Local mobile network operator Econet Wireless has announced that it is extending the content lineup for Ruzivo Digital Learning its e-learning platform.
Pupils using Ruzivo now have access to Shona, Ndebele, Home Economics, Religious and Moral Educations and Social Studies – 5 additional subjects meant to complement the existing lineup that only had Mathematics, English and Science.
Ruzivo Digital Learning was launched a little over a year ago as a subscription-based learning tool with content specifically for primary school Grades 4 to 7.
Since then it has undergone changes which include the expansion of its focus to cater for Grades 1 to 7.
From the information shared in Econet’s latest announcement, Ruzivo didn’t just add new content for all grades but it also dropped the prompt for the subscriptions, making its content free.
For users accessing Ruzivo using an Econet broadband connection, this makes the platform completely free since it’s been zero-rated (no data required) for Econet subscribers.
Is Ruzivo struggling to get users?
The latest changes aren’t surprising in an environment where Zimbabwe’s learning curriculum is undergoing so much change.
Access to all grades and adding new subjects, particularly two indigenous languages ties in with the mandate for universal education carried by the government through the Ministry of Education which is clearly a stakeholder in Ruzivo’s work.
However, the suspension/cancellation of the subscription fee does raise questions about how well the platform has been doing in terms of signups.

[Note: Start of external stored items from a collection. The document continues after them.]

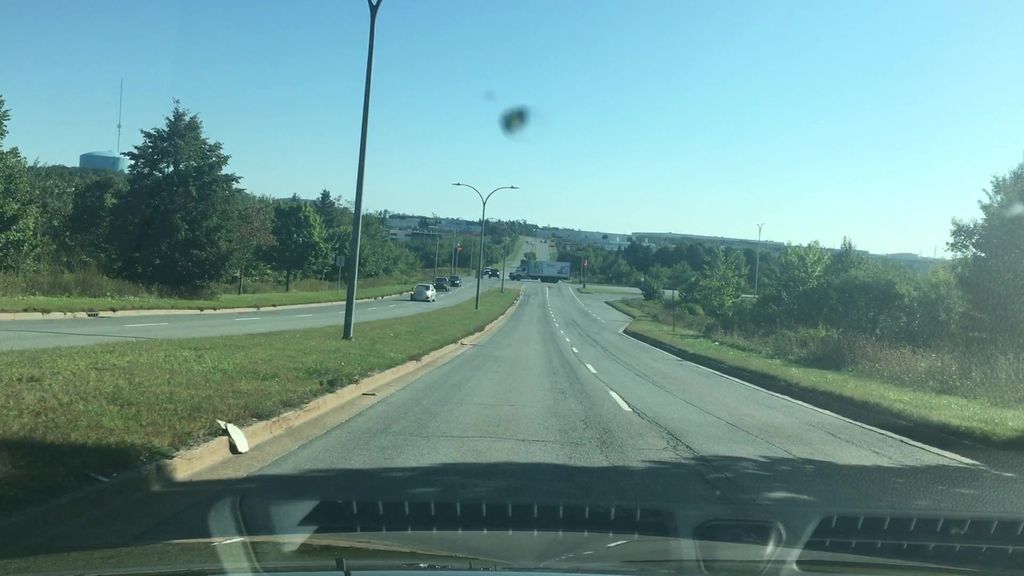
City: halifax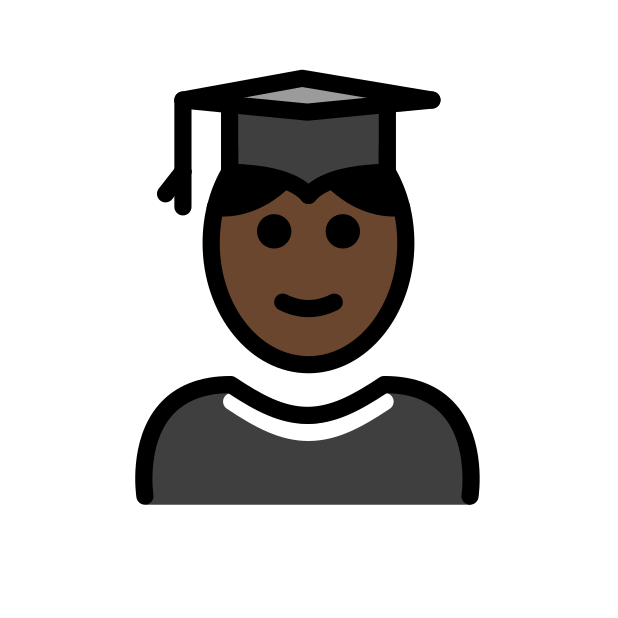
student: dark skin tone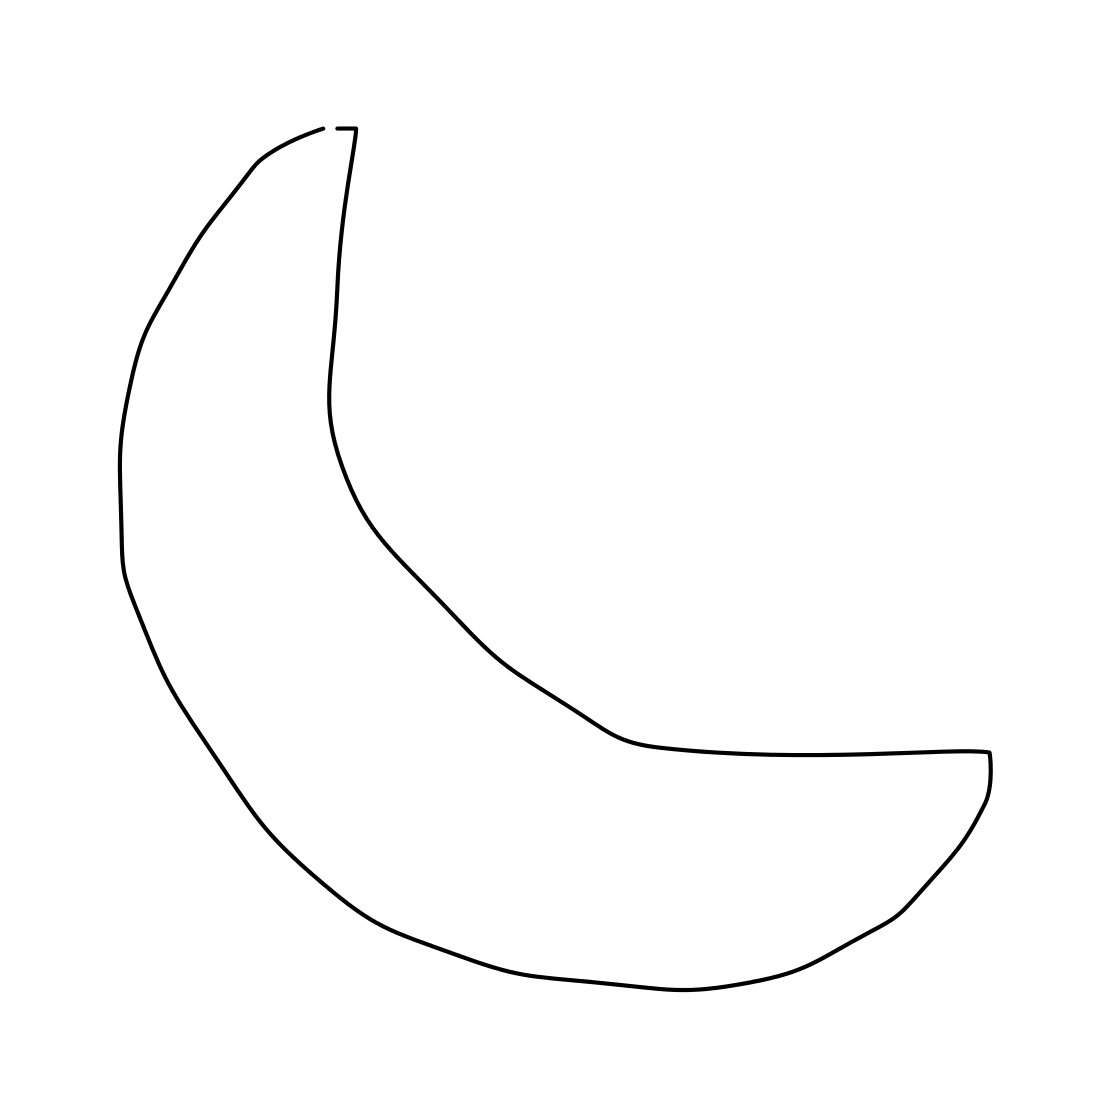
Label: moon

When it was launched, Ruzivo had a clear revenue motive with a $2/month price tag for both individual and per pupil per school sign ups. It also looked like its model was a mashup of everything online learning needed.
After all the time spent developing it Techzim even eyed it as the player to beat in the e-learning space – what with its zero-rated access that addressed Zimbabwe’s data woes, the curriculum specific content, a smooth payment option (via EcoCash of course) and the 2 buck charge which didn’t seem like much of a budget disruptor as far as education investment goes.
Plans to hack that away now suggests that perhaps users aren’t cosying up to it even though Econet has said “thousands” of users are signing up. If that’s the case, it would be a damper for Econet which needs all the Over the Top services revenues it can get as a telecoms operator.
It could also be food for thought for aspiring e-learning providers and startups – It takes more than zero-rated access to win over users and the business of education isn’t easy no matter how obvious the problem is and how powerful your brand is.